Embattled PHEAA must return $15 million

HARRISBURG, Pa. - January 25, 2008 - The U.S. Department of Education outlined its request in a letter to the Pennsylvania Higher Education Assistance Agency on Friday, two months after the department's inspector general released an audit of the PHEAA subsidies.

The audit determined that PHEAA was overpaid $35 million in federal subsidies between July 2003 and June 2006 - 13 percent of the more than $263 million it received during that period. But the department ultimately did not accept all the audit's findings, Patricia Trubia of the Federal Student Aid office wrote in her letter to PHEAA.

Federal regulations allow lenders to receive federal subsidies for student loans funded by tax-exempt bonds issued before Oct. 1, 1993. The department estimates that PHEAA overbilled the government $15 million between October 2004 and September 2006 for loans that were refinanced with taxable and ineligible tax-exempt bonds, Trubia wrote.

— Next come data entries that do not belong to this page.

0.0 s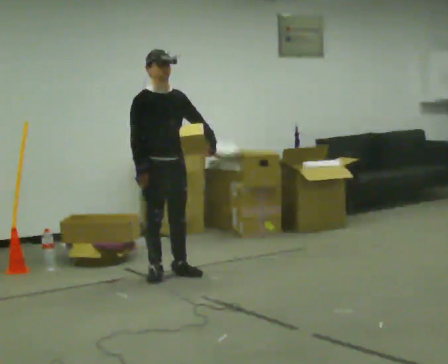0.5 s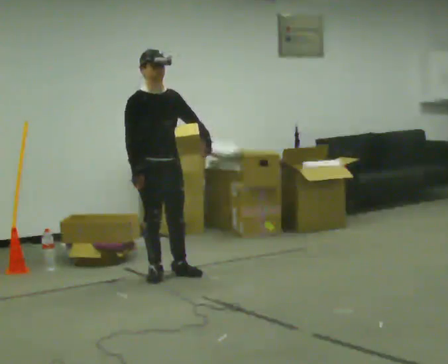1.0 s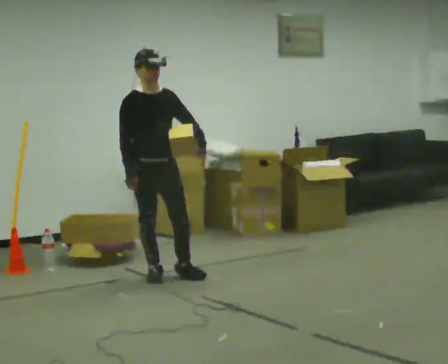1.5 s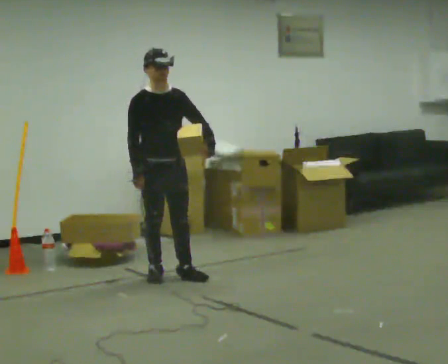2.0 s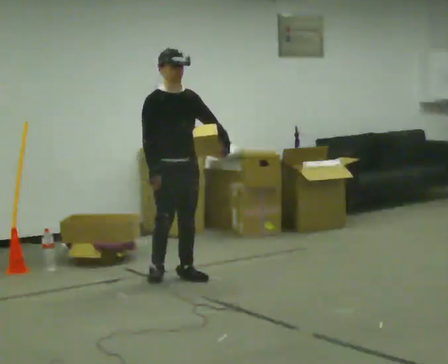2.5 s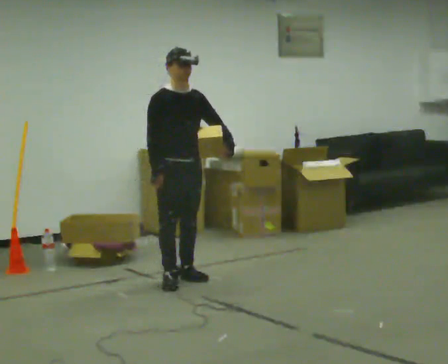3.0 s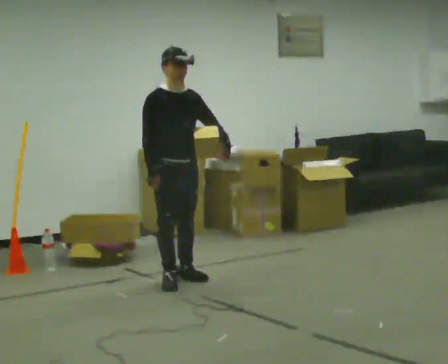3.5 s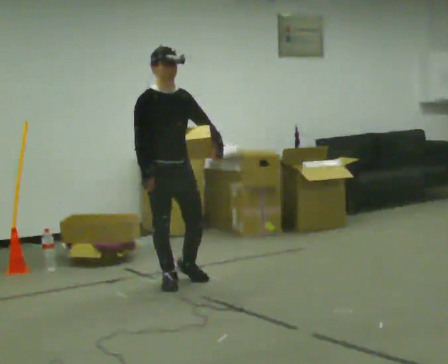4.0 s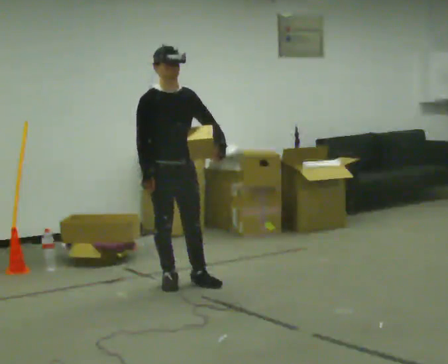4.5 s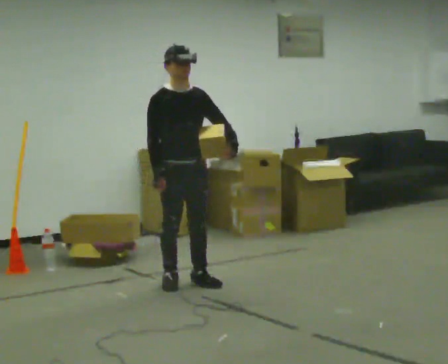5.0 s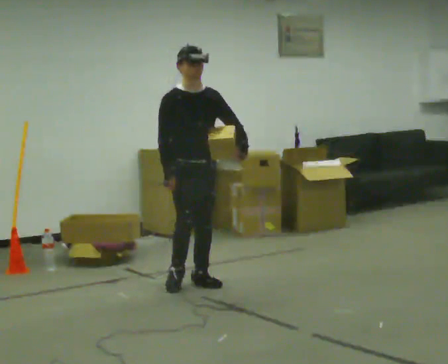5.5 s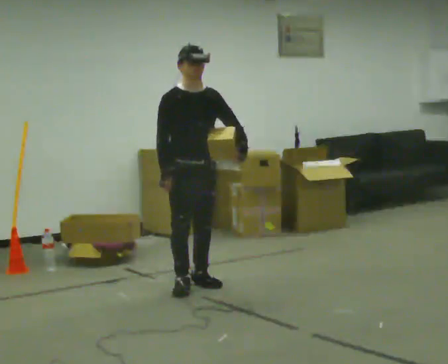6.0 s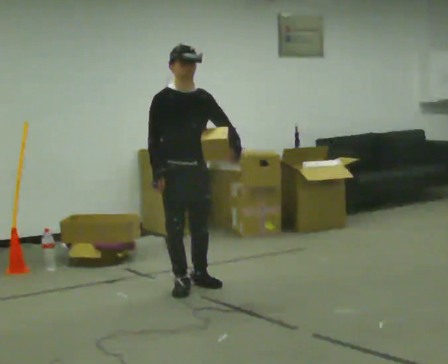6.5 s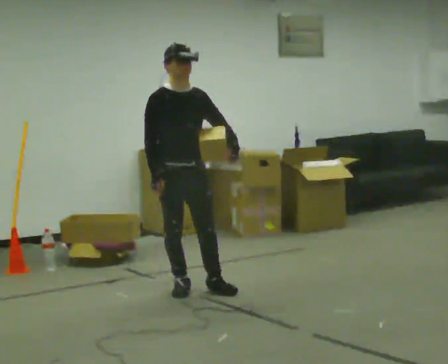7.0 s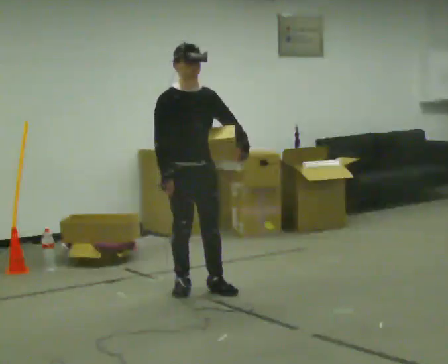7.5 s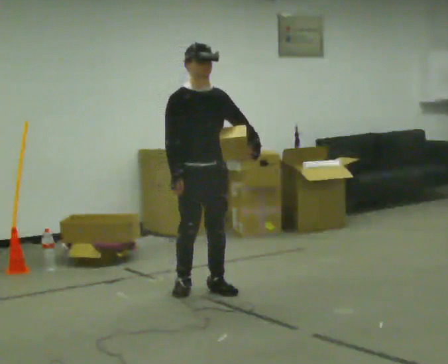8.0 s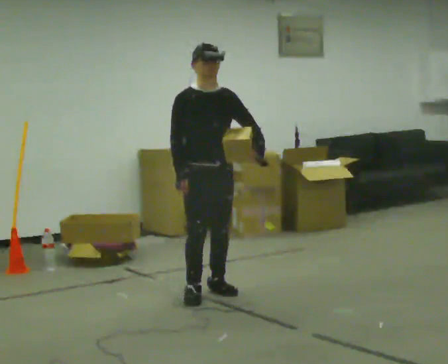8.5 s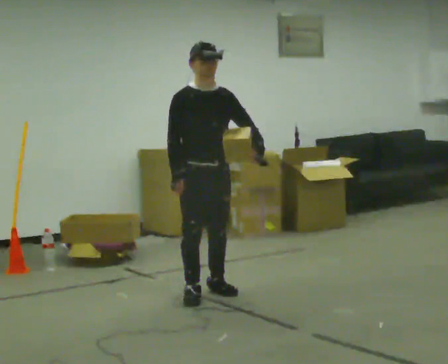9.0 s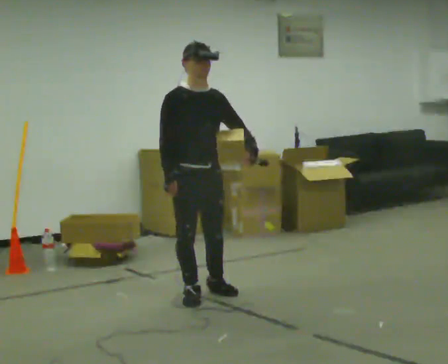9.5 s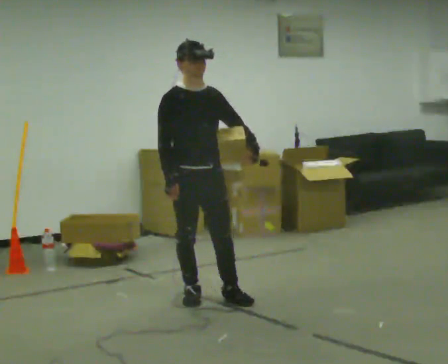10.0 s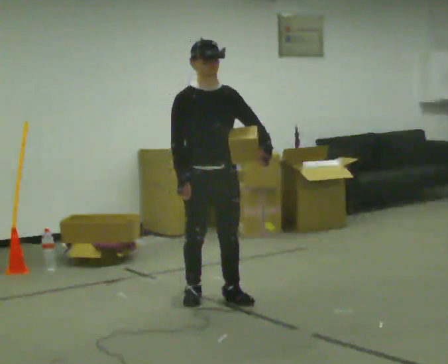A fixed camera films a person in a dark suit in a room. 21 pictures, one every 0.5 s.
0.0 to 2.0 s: The person moves a little, or ends about where they began.
2.0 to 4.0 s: In the picture they go toward the camera, about 0.25 m in 2 steps, which for them is forward.
4.0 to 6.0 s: In the picture they go toward the camera, about 0.25 m in 1 step, which for them is forward.
6.0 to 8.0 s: In the picture they go to the right, about 0.25 m in 2 steps, which for them is forward and to their left.
8.0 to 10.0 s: In the picture they go toward the camera, about 0.25 m in 1 step, which for them is forward.
The film runs forward here.
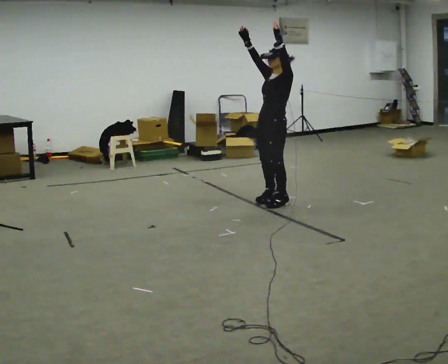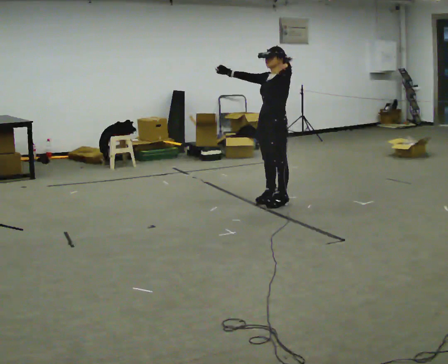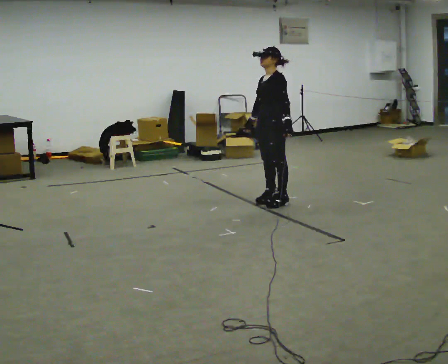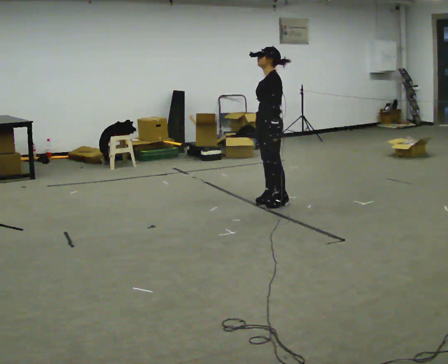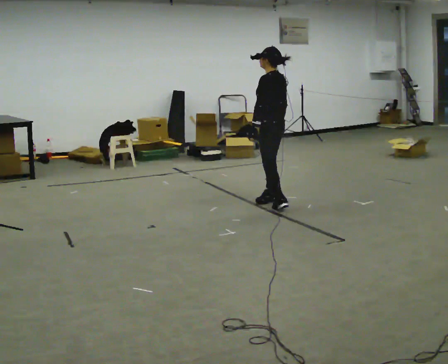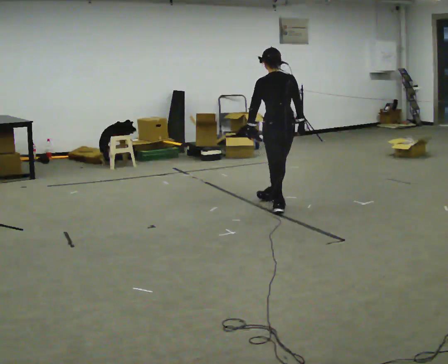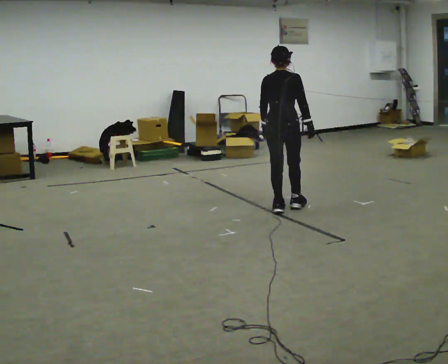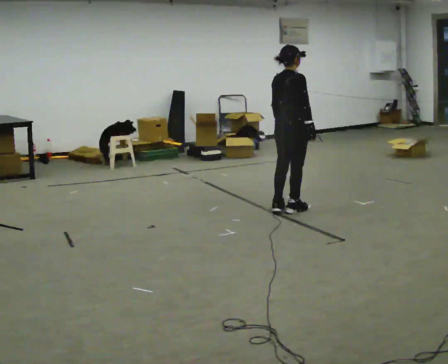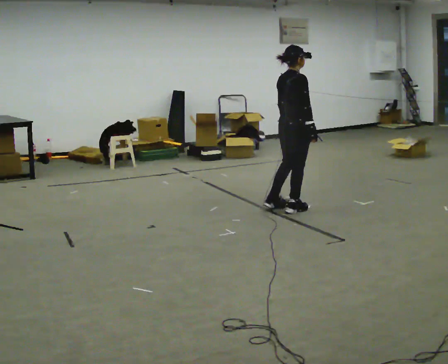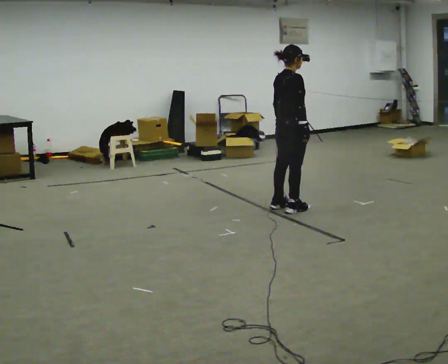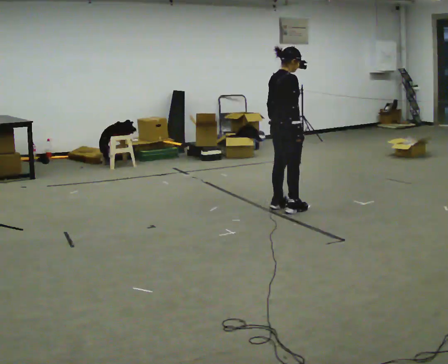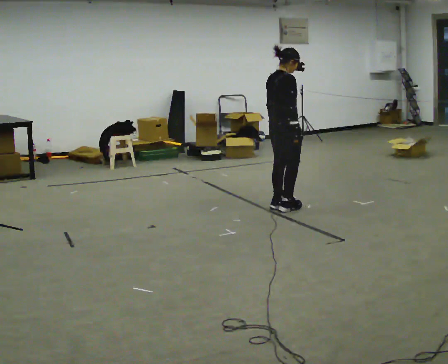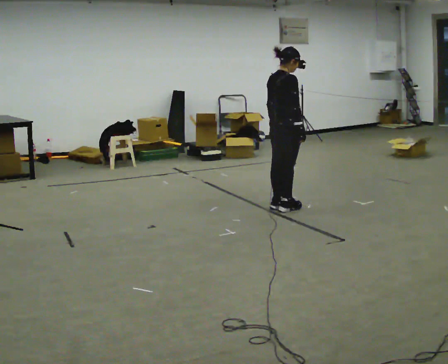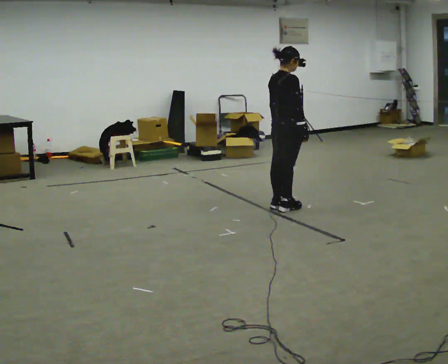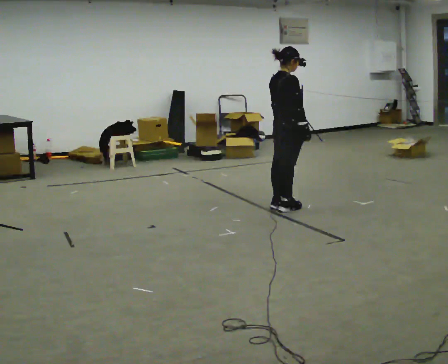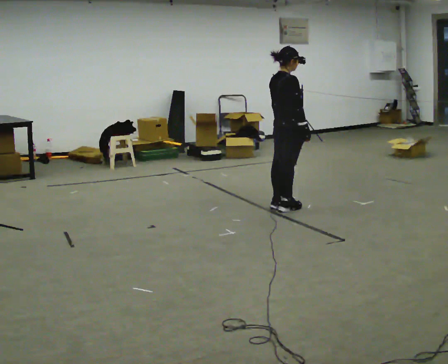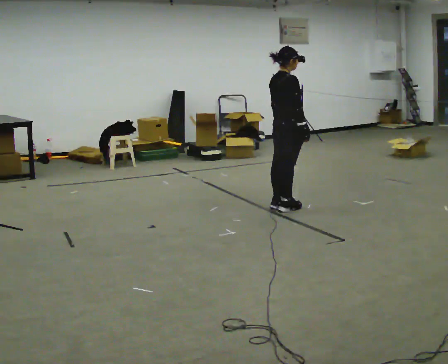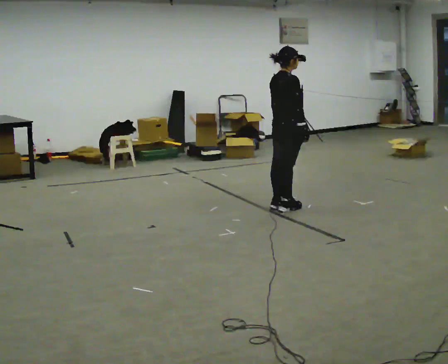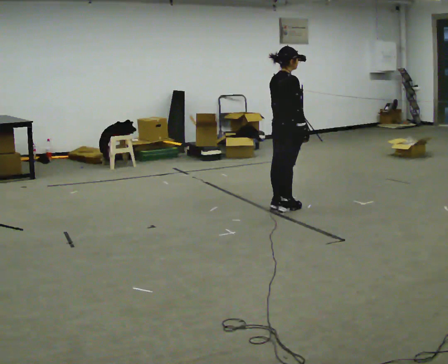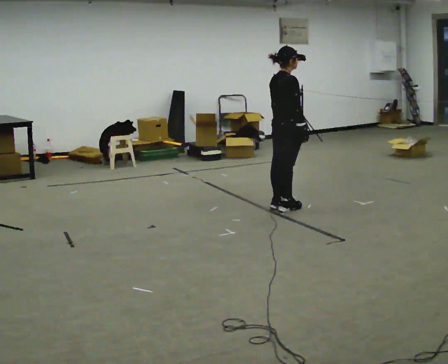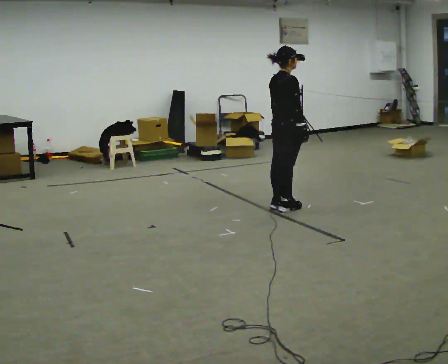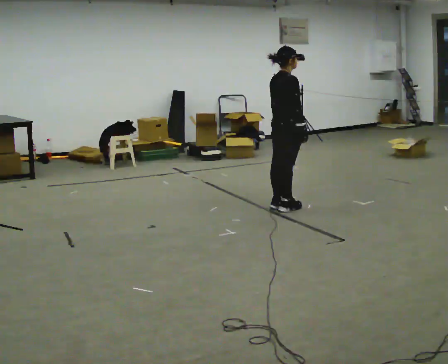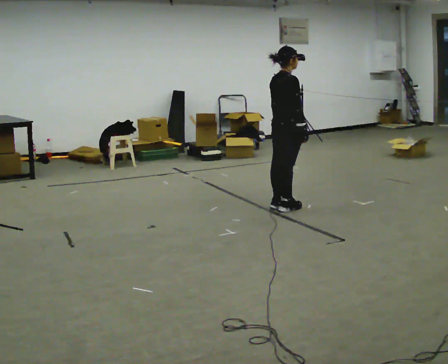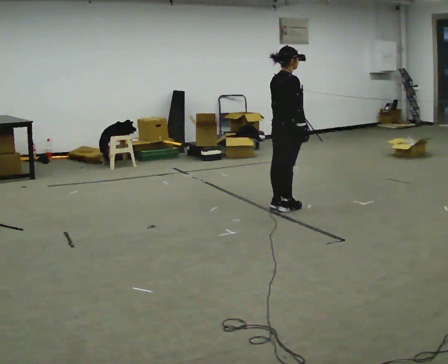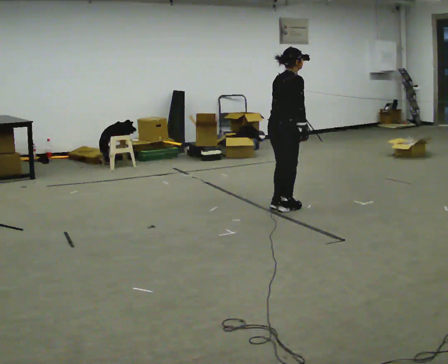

PHEAA has 30 days to respond to the letter, and spokesman Keith New said Friday the agency has not agreed how much money, if any, it should repay. PHEAA, however, has been negotiating the matter with the federal government as part of a separate Education Department review whose findings were released in 2006, New said.

"We've always said that there was nothing new (in the audit) and the department has confirmed that," New said. "We have steadfastly always followed department guidelines."

U.S. Rep. George Miller, D-Calif., who chairs the House Education and Labor Committee, said he hoped the enforcement was a sign the Education Department "is finally starting to take its role as the steward of our nation's federal student aid programs seriously."

The agency manages about $100 billion in loans issued by PHEAA and other lenders, including $47 billion in outstanding guaranteed loans.

Two similar federal audits have focused on how lenders have profited from the government's promise in the 1980s to guarantee a return of 9.5 percent on student loans financed by tax-exempt bonds. The government made that pledge at a time when interest rates were high, and it had to pay lenders the interest that was not covered by students.

When interest rates dropped, the practice sent billions of dollars in government payments to PHEAA and other lenders. Congress has more recently enacted legislation intended to phase out the subsidy.

An audit released in 2006 found that for-profit Nebraska student loan company Nelnet was improperly paid more than $278 million through the federal student aid program. Education Secretary Margaret Spellings said last year her agency would not seek to recover past overpayments under a settlement with Nelnet, which promised to end the practice.

The inspector general also found in 2005 that the New Mexico Educational Assistance Foundation improperly received more than $35 million in federal payments, but the department did not order the foundation to repay the money.